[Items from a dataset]
§

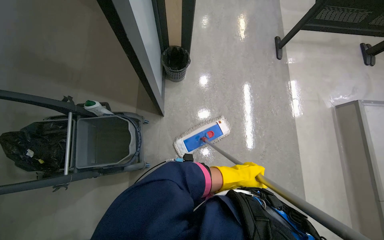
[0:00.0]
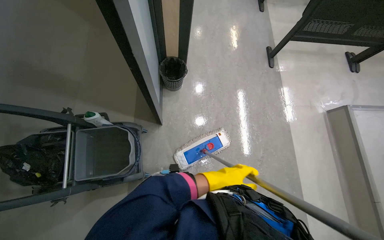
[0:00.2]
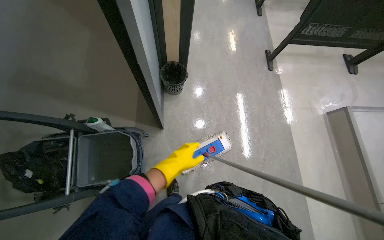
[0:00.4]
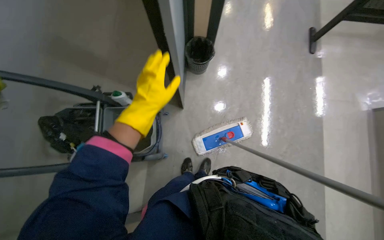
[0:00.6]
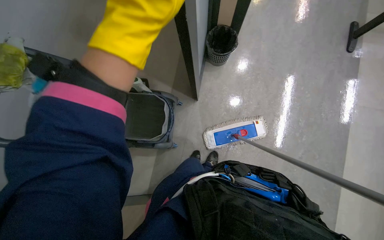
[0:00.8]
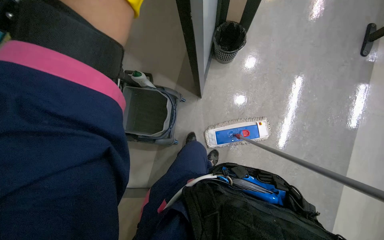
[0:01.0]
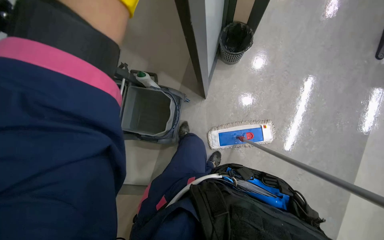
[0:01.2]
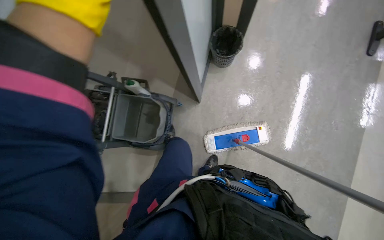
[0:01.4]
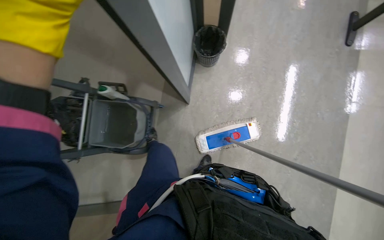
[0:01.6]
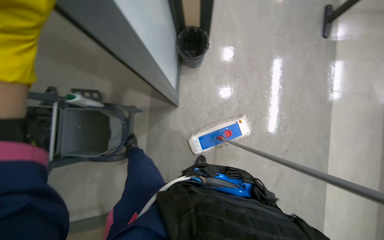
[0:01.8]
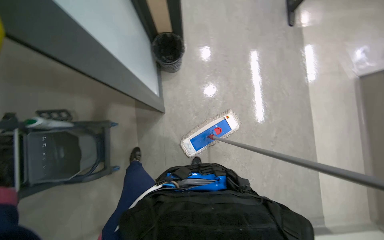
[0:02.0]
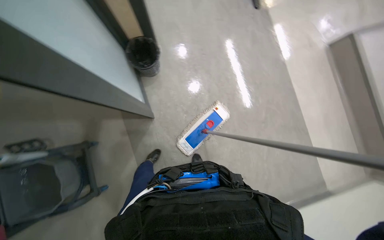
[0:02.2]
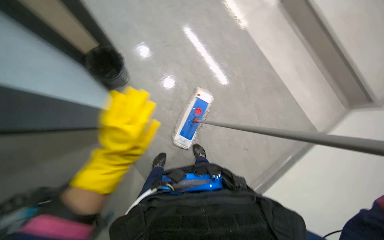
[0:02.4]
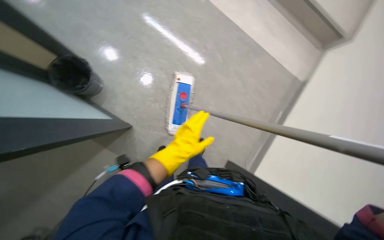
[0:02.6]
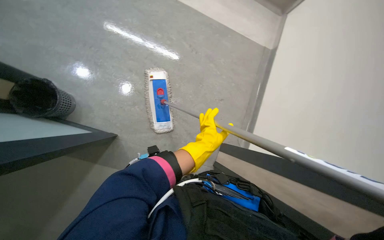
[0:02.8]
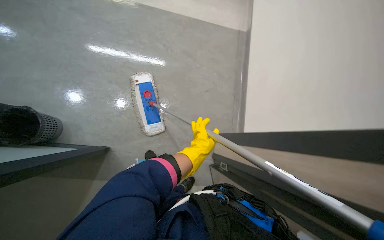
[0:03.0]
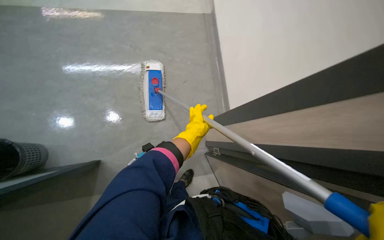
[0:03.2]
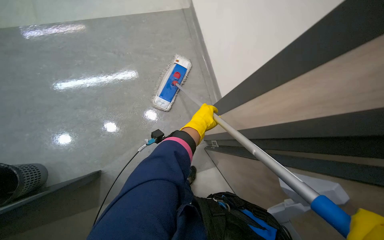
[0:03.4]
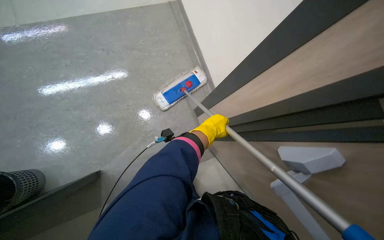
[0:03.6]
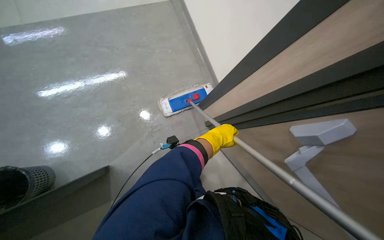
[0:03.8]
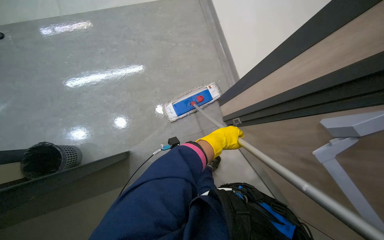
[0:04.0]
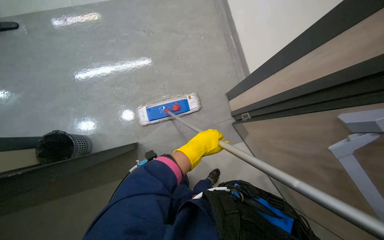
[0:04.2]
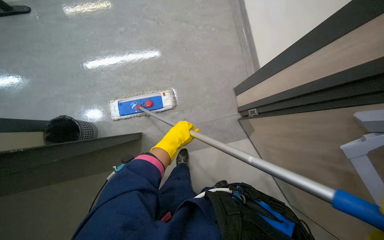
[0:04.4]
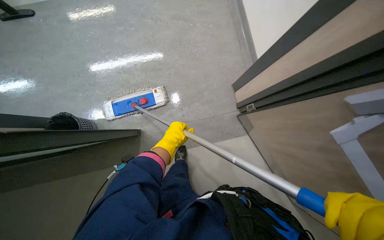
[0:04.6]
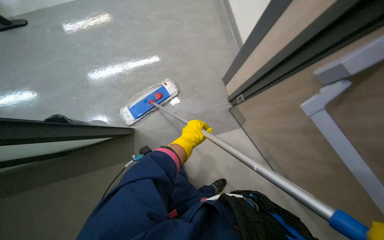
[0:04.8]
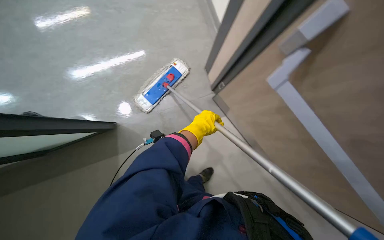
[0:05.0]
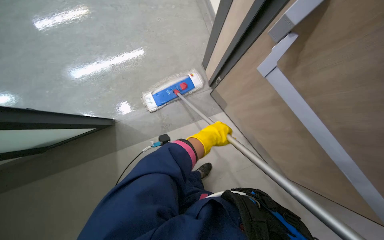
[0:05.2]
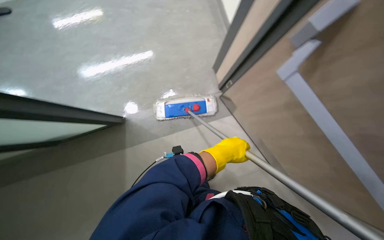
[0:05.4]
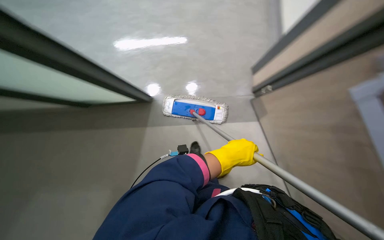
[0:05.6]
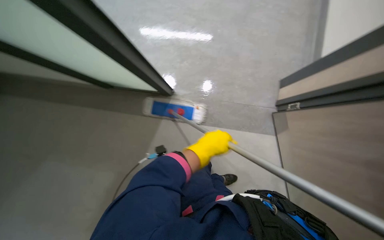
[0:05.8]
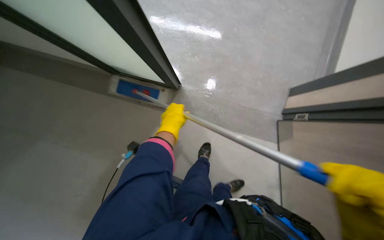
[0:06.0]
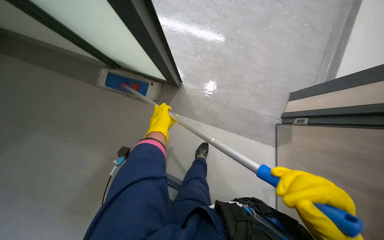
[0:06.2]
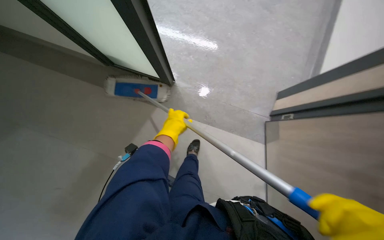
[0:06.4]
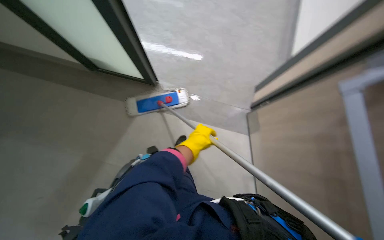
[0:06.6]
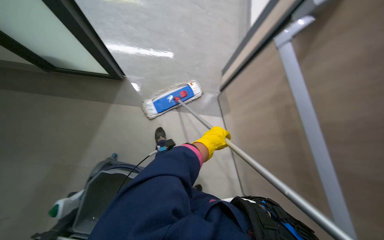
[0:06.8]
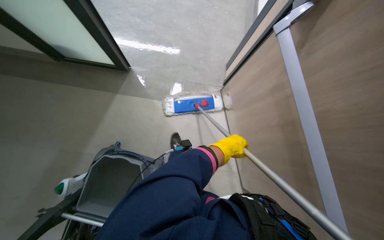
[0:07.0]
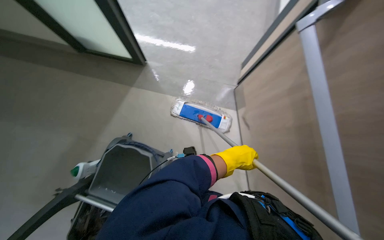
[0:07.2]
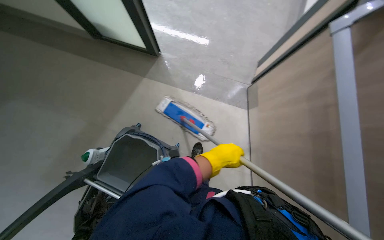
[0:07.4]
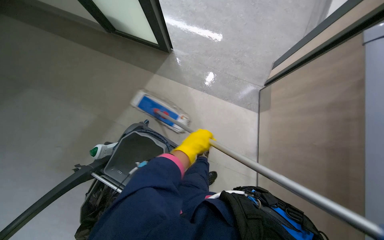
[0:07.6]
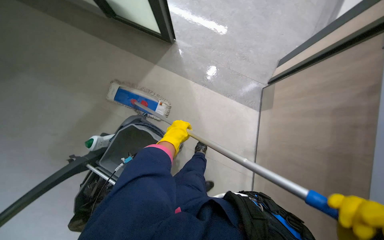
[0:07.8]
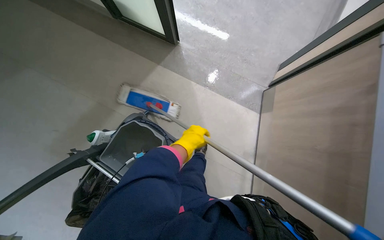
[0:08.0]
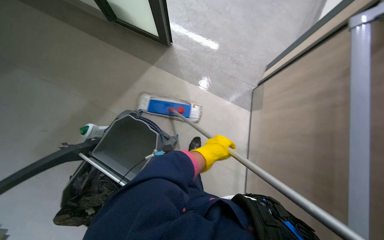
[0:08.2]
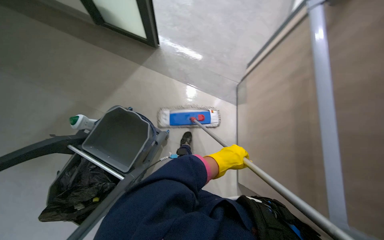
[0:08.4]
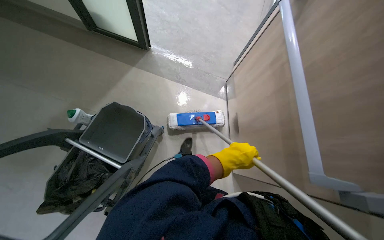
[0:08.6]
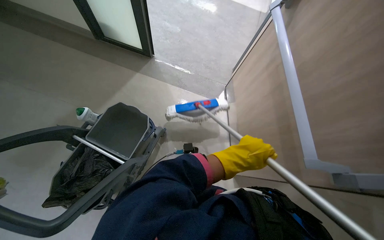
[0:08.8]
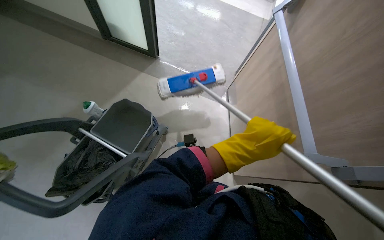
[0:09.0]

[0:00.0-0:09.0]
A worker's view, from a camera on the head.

§

#### [Directions for this task]
Restate the data above word for word, omitting every picture.

#### [Solution to this problem]
[0:00.0]
[0:00.2]
[0:00.4]
[0:00.6]
[0:00.8]
[0:01.0]
[0:01.2]
[0:01.4]
[0:01.6]
[0:01.8]
[0:02.0]
[0:02.2]
[0:02.4]
[0:02.6]
[0:02.8]
[0:03.0]
[0:03.2]
[0:03.4]
[0:03.6]
[0:03.8]
[0:04.0]
[0:04.2]
[0:04.4]
[0:04.6]
[0:04.8]
[0:05.0]
[0:05.2]
[0:05.4]
[0:05.6]
[0:05.8]
[0:06.0]
[0:06.2]
[0:06.4]
[0:06.6]
[0:06.8]
[0:07.0]
[0:07.2]
[0:07.4]
[0:07.6]
[0:07.8]
[0:08.0]
[0:08.2]
[0:08.4]
[0:08.6]
[0:08.8]
[0:09.0]

[0:00.0-0:09.0]
A worker's view, from a camera on the head.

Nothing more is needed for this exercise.